It has been reported that mutations in MEX67 and other genes encoding proteins involved in mRNA export, including NUP159, GLE1 and DBP5, produce nascent transcripts carrying poly(A)+ tails roughly 30 residues longer than those observed in wild type cells . We analyzed the effect of the ssl1-1 mutation on the length of poly(A)+ tails produced in mex67-5 cells (Figure 7A). At restrictive temperature, the amount of poly(A)+ RNA produced was reduced in the mex67-5 ssl1-1 mutant strain (Figure 7A, lane 6) compared to mex67-5 (lane 4) or wild-type cells (lane 2), consistent with the importance of Ssl1p and TFIIH for transcription. However, although some mRNAs with extended poly(A)+ tails were still produced in the mex67-5 ssl1-1 double mutant, the distribution of poly(A)+ tail lengths was shifted towards a wild-type distribution (Figure 7B). When the mex67-5 ssl1-1 double mutant strain was transformed with the wild type SSL1 gene, a wild-type level of transcripts was recovered at restrictive temperature (Figure 7A, lane 8), but there was considerably less of a shift towards poly(A)+ tails of normal length than when wild-type SSL1 was not present (Figure 7B).

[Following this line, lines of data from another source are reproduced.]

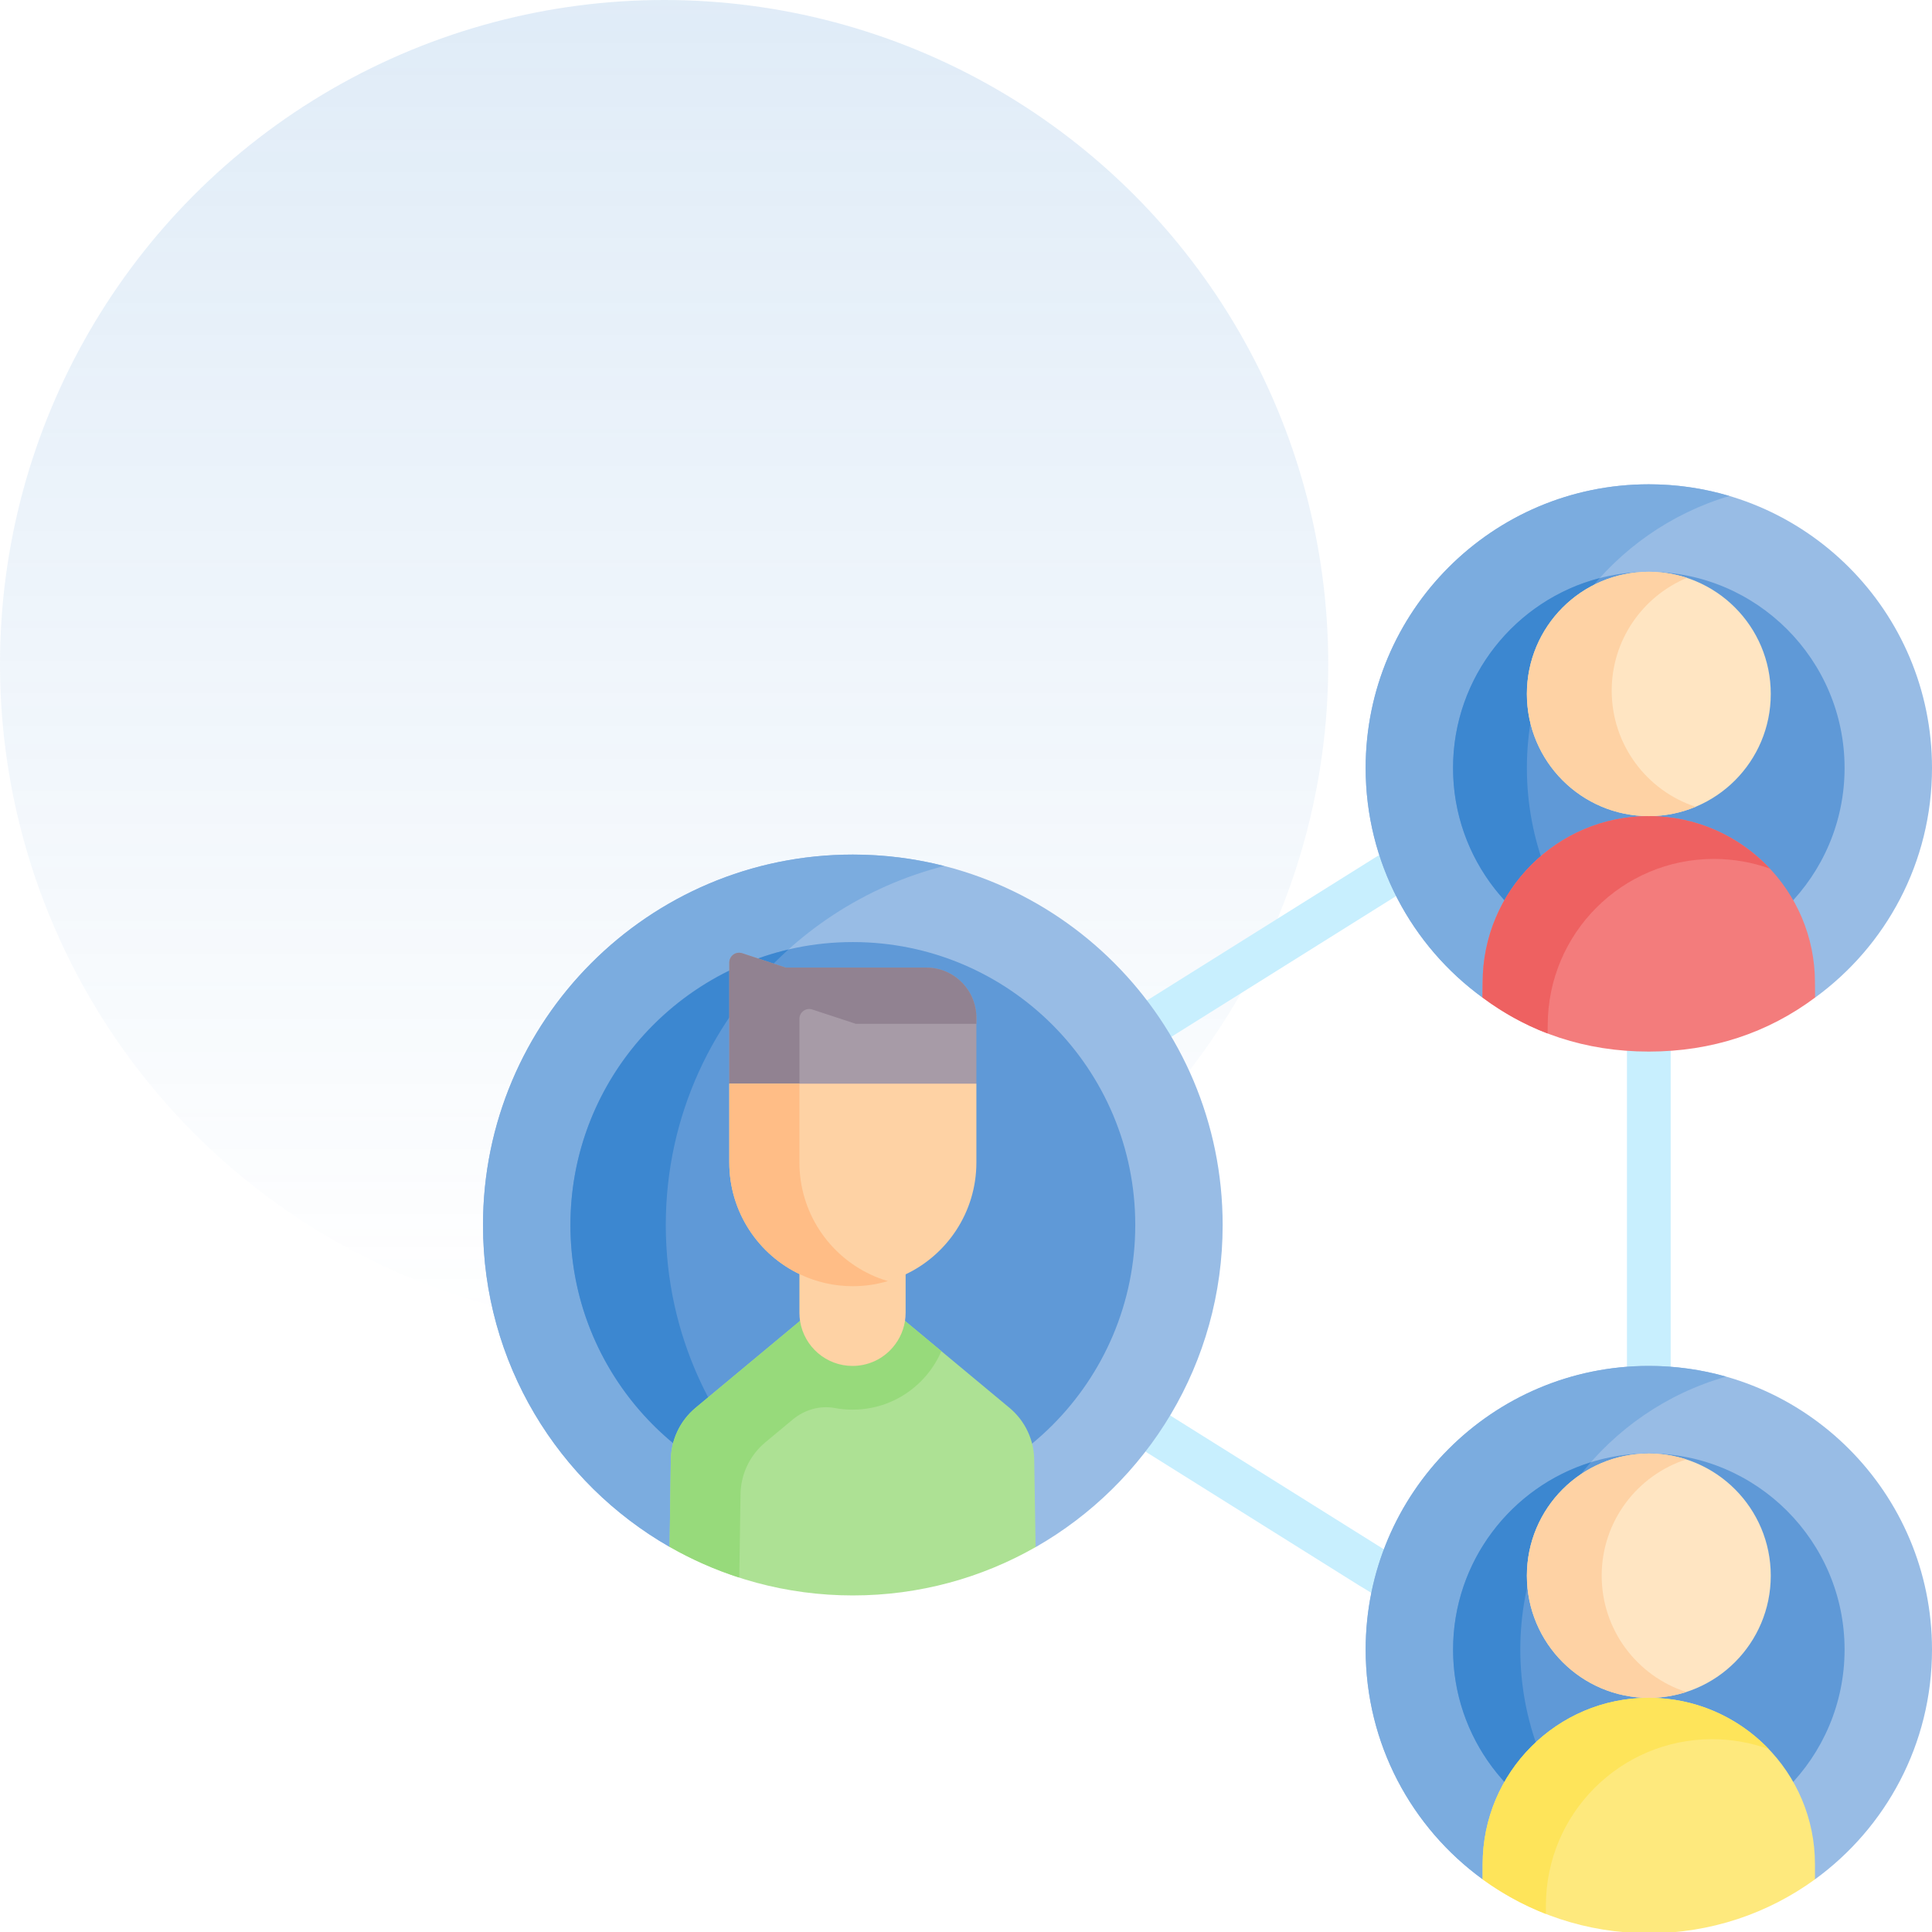 <svg width="64" height="64" viewBox="0 0 64 64" fill="none" xmlns="http://www.w3.org/2000/svg">
<circle opacity="0.4" cx="22" cy="22" r="22" fill="url(#paint0_linear_818_2)" fill-opacity="0.4"/>
<g clip-path="url(#clip0_818_2)">
<path d="M30.849 38.516C30.59 38.516 30.34 38.377 30.21 38.133C30.021 37.779 30.154 37.34 30.506 37.151L38.055 33.104L45.559 28.403C45.563 28.4 45.568 28.398 45.572 28.395L51.985 24.554C52.329 24.349 52.773 24.461 52.978 24.804C53.183 25.148 53.071 25.593 52.728 25.799L46.321 29.637L38.801 34.347C38.788 34.355 38.774 34.364 38.759 34.371L31.189 38.43C31.081 38.488 30.964 38.516 30.849 38.516Z" fill="#C8EFFE"/>
<path d="M52.356 56.842C52.228 56.842 52.099 56.808 51.982 56.737L45.031 52.525C45.028 52.523 45.025 52.522 45.022 52.52L38.034 48.142C38.025 48.136 38.015 48.13 38.006 48.124L31.533 43.642C31.204 43.414 31.122 42.963 31.349 42.633C31.576 42.304 32.027 42.221 32.356 42.449L38.815 46.921L45.785 51.287L52.731 55.497C53.073 55.704 53.183 56.15 52.976 56.492C52.84 56.718 52.601 56.842 52.356 56.842Z" fill="#C8EFFE"/>
<path d="M54.619 25.305C54.219 25.305 53.895 25.629 53.895 26.03V52.196C53.895 52.597 54.219 52.922 54.619 52.922C55.019 52.922 55.343 52.597 55.343 52.196V26.03C55.343 25.629 55.019 25.305 54.619 25.305Z" fill="#C8EFFE"/>
<path d="M28.251 28.309C21.486 28.309 16 33.804 16 40.581C16 45.147 18.489 49.13 22.182 51.243L23.014 50.788L33.507 50.636L34.305 51.252C38.006 49.141 40.502 45.153 40.502 40.581C40.502 33.804 35.017 28.309 28.251 28.309Z" fill="#98BCE5"/>
<path d="M24.388 47.787C22.921 45.764 22.055 43.274 22.055 40.581C22.055 34.85 25.977 30.037 31.278 28.687C30.31 28.44 29.296 28.309 28.251 28.309C21.485 28.308 16 33.804 16 40.581C16 45.147 18.489 49.129 22.181 51.243L24.388 47.787Z" fill="#7BACDF"/>
<path d="M28.251 49.951C33.418 49.951 37.607 45.755 37.607 40.579C37.607 35.403 33.418 31.207 28.251 31.207C23.084 31.207 18.896 35.403 18.896 40.579C18.896 45.755 23.084 49.951 28.251 49.951Z" fill="#5F99D7"/>
<path d="M26.116 31.455C21.983 32.426 18.896 36.149 18.896 40.581C18.896 45.013 21.983 48.736 26.116 49.706C23.623 47.46 22.055 44.204 22.055 40.58C22.055 36.957 23.623 33.702 26.116 31.455Z" fill="#3C87D0"/>
<path d="M34.26 48.385C34.26 47.709 33.96 47.068 33.44 46.636L30 43.774L29.288 43.043H27.213L26.482 43.774L23.042 46.636C22.523 47.068 22.222 47.709 22.222 48.385L22.181 51.241C23.97 52.265 26.043 52.851 28.251 52.851C30.453 52.851 32.52 52.269 34.306 51.25L34.26 48.385Z" fill="#ADE194"/>
<path d="M30.498 44.188L30 43.774L29.288 43.043H27.212L26.482 43.774L23.041 46.636C22.523 47.068 22.222 47.709 22.222 48.385L22.181 51.241C22.907 51.656 23.68 51.998 24.49 52.26L24.53 49.53C24.53 48.855 24.831 48.214 25.349 47.782L26.261 47.023C26.648 46.701 27.158 46.551 27.654 46.643C27.844 46.678 28.041 46.697 28.241 46.697C29.099 46.697 29.904 46.362 30.508 45.756C30.798 45.465 31.025 45.128 31.184 44.759L30.498 44.188Z" fill="#97DA7B"/>
<path d="M30 40.571V43.486C30 43.584 29.992 43.679 29.977 43.772C29.916 44.144 29.739 44.476 29.485 44.731C29.167 45.051 28.727 45.248 28.241 45.248C27.367 45.248 26.641 44.609 26.505 43.772C26.49 43.679 26.482 43.584 26.482 43.486V40.562L26.519 40.482C27.045 40.729 27.632 40.867 28.251 40.867C28.863 40.867 29.443 40.733 29.963 40.492L30 40.571Z" fill="#FED2A4"/>
<path d="M30.686 32.053H26.029L24.585 31.577C24.375 31.508 24.159 31.665 24.159 31.886V35.898L25.549 37.389H31.585L32.344 35.898V33.714C32.344 32.796 31.602 32.053 30.686 32.053Z" fill="#A79BA7"/>
<path d="M26.482 33.75C26.482 33.529 26.698 33.372 26.908 33.441L28.352 33.916H32.344V33.714C32.344 32.796 31.602 32.053 30.686 32.053H26.029L24.585 31.577C24.375 31.508 24.159 31.665 24.159 31.886V35.898L25.549 37.389H26.482V33.75Z" fill="#918291"/>
<path d="M32.344 35.898V38.508C32.344 40.159 31.368 41.583 29.963 42.232C29.443 42.473 28.863 42.607 28.251 42.607C27.631 42.607 27.045 42.469 26.519 42.222C25.124 41.569 24.159 40.151 24.159 38.508V35.898H32.344Z" fill="#FED2A4"/>
<path d="M28.842 42.222C27.447 41.569 26.482 40.151 26.482 38.508V35.898H24.159V38.508C24.159 40.151 25.124 41.569 26.519 42.222C27.045 42.469 27.631 42.607 28.251 42.607C28.655 42.607 29.045 42.547 29.413 42.438C29.216 42.38 29.025 42.308 28.842 42.222Z" fill="#FFBD86"/>
<path d="M54.619 16.043C49.438 16.043 45.239 20.25 45.239 25.44C45.239 28.567 46.765 31.337 49.11 33.045L49.937 32.27L59.183 32.414L60.127 33.047C62.474 31.339 64 28.568 64 25.44C64 20.25 59.8 16.043 54.619 16.043Z" fill="#98BCE5"/>
<path d="M51.725 29.94C50.995 28.604 50.58 27.071 50.58 25.44C50.58 21.179 53.41 17.582 57.289 16.43C56.442 16.178 55.546 16.043 54.618 16.043C49.438 16.043 45.239 20.25 45.239 25.44C45.239 28.567 46.764 31.337 49.109 33.045L51.725 29.94Z" fill="#7BACDF"/>
<path d="M54.619 31.936C51.043 31.936 48.134 29.022 48.134 25.44C48.134 21.858 51.043 18.943 54.619 18.943C58.195 18.943 61.104 21.858 61.104 25.44C61.104 29.022 58.195 31.936 54.619 31.936Z" fill="#5F99D7"/>
<path d="M52.992 31.729C51.493 30.064 50.58 27.859 50.58 25.44C50.58 23.021 51.493 20.816 52.992 19.15C50.201 19.875 48.134 22.42 48.134 25.44C48.134 28.459 50.201 31.004 52.992 31.729Z" fill="#3C87D0"/>
<path d="M54.619 27.035C57.659 27.035 60.123 29.503 60.123 32.549L60.127 33.046C58.566 34.211 56.717 34.835 54.619 34.835C52.522 34.835 50.672 34.209 49.109 33.044L49.115 32.549C49.115 31.026 49.731 29.648 50.728 28.65C51.724 27.652 53.099 27.035 54.619 27.035Z" fill="#F37C7C"/>
<path d="M54.619 18.941C56.85 18.941 58.659 20.753 58.659 22.988C58.659 25.223 56.85 27.035 54.619 27.035C52.389 27.035 50.58 25.223 50.58 22.988C50.58 20.753 52.389 18.941 54.619 18.941Z" fill="#FFE5C2"/>
<path d="M51.27 33.967C51.27 32.444 51.886 31.065 52.883 30.067C53.879 29.07 55.254 28.453 56.774 28.453C57.425 28.453 58.051 28.567 58.631 28.774C57.627 27.704 56.201 27.035 54.619 27.035C53.099 27.035 51.724 27.652 50.728 28.65C49.731 29.648 49.115 31.026 49.115 32.549L49.109 33.044C49.777 33.542 50.498 33.942 51.267 34.236L51.27 33.967Z" fill="#EE6161"/>
<path d="M53.39 22.88C53.39 21.196 54.42 19.752 55.882 19.143C55.485 19.013 55.059 18.941 54.619 18.941C52.389 18.941 50.58 20.753 50.58 22.988C50.58 25.223 52.389 27.035 54.619 27.035C55.168 27.035 55.692 26.924 56.169 26.725C54.556 26.195 53.39 24.674 53.39 22.88Z" fill="#FED2A4"/>
<path d="M54.62 45.248C49.439 45.248 45.24 49.456 45.24 54.645C45.24 57.776 46.768 60.548 49.117 62.255L50.011 61.872L59.563 62.066L60.123 62.256C62.472 60.548 64 57.776 64 54.645C64 49.456 59.801 45.248 54.62 45.248Z" fill="#98BCE5"/>
<path d="M51.515 59.161C50.78 57.821 50.362 56.282 50.362 54.645C50.362 50.345 53.245 46.719 57.18 45.603C56.366 45.372 55.507 45.248 54.618 45.248C49.438 45.248 45.239 49.456 45.239 54.645C45.239 57.775 46.766 60.547 49.115 62.255L51.515 59.161Z" fill="#7BACDF"/>
<path d="M54.619 61.142C51.043 61.142 48.135 58.228 48.135 54.645C48.135 51.063 51.043 48.148 54.619 48.148C58.195 48.148 61.104 51.063 61.104 54.645C61.104 58.228 58.195 61.142 54.619 61.142Z" fill="#5F99D7"/>
<path d="M52.701 60.852C51.246 59.196 50.362 57.025 50.362 54.645C50.362 52.266 51.243 50.095 52.698 48.44C50.056 49.261 48.135 51.732 48.135 54.645C48.135 57.559 50.059 60.031 52.701 60.852Z" fill="#3C87D0"/>
<path d="M54.619 56.244C56.85 56.244 58.659 54.432 58.659 52.197C58.659 49.962 56.85 48.15 54.619 48.15C52.388 48.15 50.58 49.962 50.58 52.197C50.58 54.432 52.388 56.244 54.619 56.244Z" fill="#FFE5C2"/>
<path d="M53.058 52.197C53.058 50.395 54.236 48.869 55.861 48.345C55.47 48.219 55.052 48.15 54.619 48.15C52.388 48.15 50.58 49.962 50.58 52.197C50.58 54.432 52.388 56.244 54.619 56.244C55.052 56.244 55.47 56.175 55.861 56.049C54.236 55.525 53.058 53.999 53.058 52.197Z" fill="#FED2A4"/>
<path d="M60.123 62.256C58.578 63.38 56.675 64.042 54.619 64.042C52.562 64.042 50.661 63.379 49.115 62.256V61.756C49.115 60.233 49.731 58.855 50.728 57.857C51.724 56.859 53.099 56.242 54.619 56.242C57.659 56.242 60.123 58.71 60.123 61.756V62.256Z" fill="#FEE97D"/>
<path d="M51.21 63.127C51.21 61.604 51.825 60.226 52.822 59.228C53.818 58.23 55.194 57.613 56.714 57.613C57.374 57.613 58.009 57.73 58.596 57.944C57.594 56.896 56.182 56.242 54.619 56.242C53.099 56.242 51.724 56.859 50.728 57.857C49.731 58.855 49.115 60.233 49.115 61.756V62.256C49.757 62.722 50.461 63.11 51.211 63.403L51.21 63.127Z" fill="#FEE45A"/>
</g>
<defs>
<linearGradient id="paint0_linear_818_2" x1="22" y1="0" x2="22" y2="44" gradientUnits="userSpaceOnUse">
<stop stop-color="#3C87D0"/>
<stop offset="1" stop-color="#3C87D0" stop-opacity="0"/>
</linearGradient>
<clipPath id="clip0_818_2">
<rect width="48" height="48" fill="white" transform="translate(16 16)"/>
</clipPath>
</defs>
</svg>

Genetic interactions among transcription and export factors suggest complex relationships between transcription and export activities
Previous studies showed that mutations in SSL1 and RAD3, encoding TFIIH components, and CEG1, encoding one of the enzymes of the capping apparatus, result in suppression of the growth and mRNA export defects observed in some mRNA export factor mutant strains ([11, 20, 31], see above). In this report we describe additional genetic interactions between mutations affecting components of the basal transcription machinery and rat8-2, sub2-85, yra1-1, mex67-5 and mex67-6. In addition, mutations in DBP5, YRA1 and SUB2, and MEX67, are synthetically lethal (or synthetically sick) with mutations in the gene encoding the TBP-binding protein Bur6p (Figure 1A). We also report the suppression of rat8-2 mutation by partial depletion of Tfb1p (a TFIIH component) and by expression of a truncated form of Rpb2p (referred as Rpb2tp), which is also able to suppress the growth defects of the yra1-1 and sub2-85 mutants (Figure 1B).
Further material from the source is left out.